This is a reference implementation of veRNAl, an algorithm for identifying fuzzy recurrent subgraphs in RNA 3D networks.

Please cite:

@article{vernal,
    author = {Oliver, Carlos and Mallet, Vincent and Philippopoulos, Pericles and Hamilton, William L and Waldispühl, Jérôme},
    title = "{VeRNAl: A Tool for Mining Fuzzy Network Motifs in RNA}",
    journal = {Bioinformatics},
    year = {2021},
    month = {11},
    issn = {1367-4803},
    doi = {10.1093/bioinformatics/btab768},
    url = {https://doi.org/10.1093/bioinformatics/btab768},
    note = {btab768},
    eprint = {https://academic.oup.com/bioinformatics/advance-article-pdf/doi/10.1093/bioinformatics/btab768/41153095/btab768.pdf},
}

See full paper for complete description of the algorithm.

You can browse the results from an already trained model here.

This repository has three main components:

  • Preparing Data /prepare_data
  • Subgraph Embeddings /train_embeddings
  • Motif Building /build_motifs

Each subdirectory contrains a main.py file which controls the behaviour of that stage.

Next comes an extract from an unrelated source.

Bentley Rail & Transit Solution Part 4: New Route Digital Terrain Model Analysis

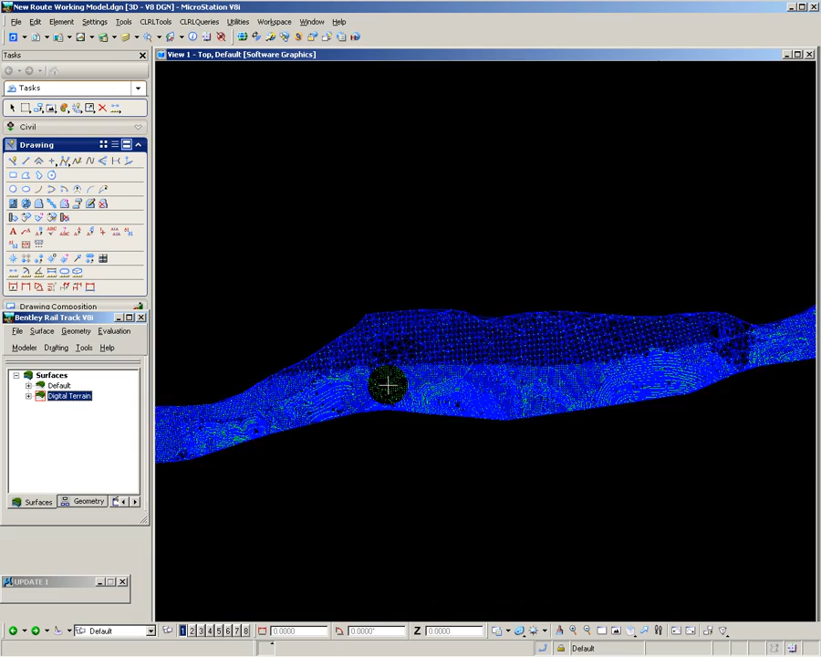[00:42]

For full usage, run python <dir>/main.py -h

0. Install Dependencies

The command below will install the full list of dependencies.

The main packages we use are:

  • multiset
  • NetworkX
  • BioPython
  • Pytorch
  • DGL (Deep Graph Library)
  • Scikit-learn
conda env create -f environment.yml
conda activate vernal

1. Data Preparation

This step loads the whole PDBs, creates uniformly-sized chunks (chopper.py) and builds newtorkx graphs for each chunk.

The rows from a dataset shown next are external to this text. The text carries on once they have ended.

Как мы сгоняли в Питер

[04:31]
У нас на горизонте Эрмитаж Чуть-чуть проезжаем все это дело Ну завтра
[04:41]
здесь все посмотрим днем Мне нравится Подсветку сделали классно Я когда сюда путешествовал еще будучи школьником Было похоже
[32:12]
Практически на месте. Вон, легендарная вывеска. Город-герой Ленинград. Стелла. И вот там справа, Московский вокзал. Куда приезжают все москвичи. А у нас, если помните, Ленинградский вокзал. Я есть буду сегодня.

We build a rooted subgraph and graphlet hashtable for each node in annotate.py to speed up the similarity function computations at training time.

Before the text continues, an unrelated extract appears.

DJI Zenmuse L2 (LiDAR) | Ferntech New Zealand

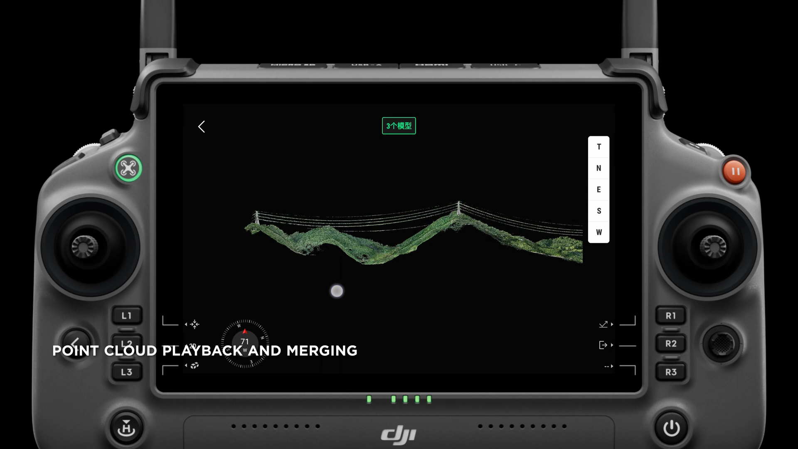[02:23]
With point cloud playback and merging functions, operators can quickly preview results on the remote controller, making fieldwork worry-free and significantly more effective.
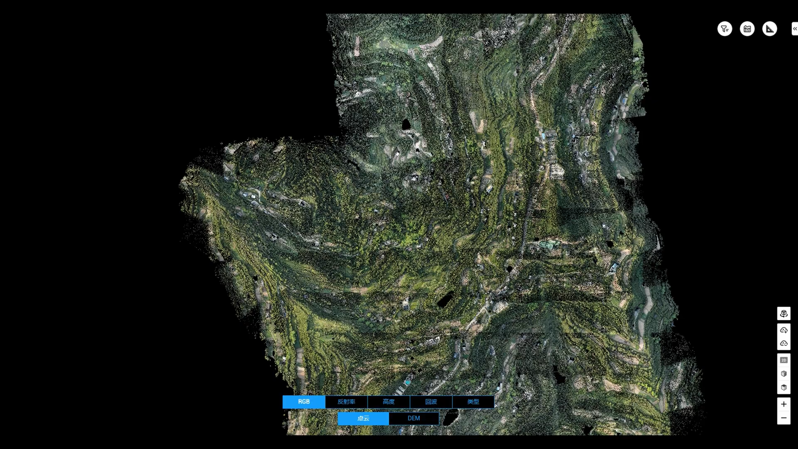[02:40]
DJI Terra can also now generate DEM results directly,

Create two directories where the data will be kept:

mkdir data/graphs
mkdir data/annotated

Data building and loading will take some time (~1 hr), you can skip all the data preparation if you want to use a pre-built dataset, just download and move to the data/annotated/ folder and move to step 2.

Download RNA networks:

Save the crystal structures (first link) to the data/ folder.

Save the whole graphs (second link) to the data/graphs folder.

Bulid the dataset. This will take some time as it involves loading many large PDB files.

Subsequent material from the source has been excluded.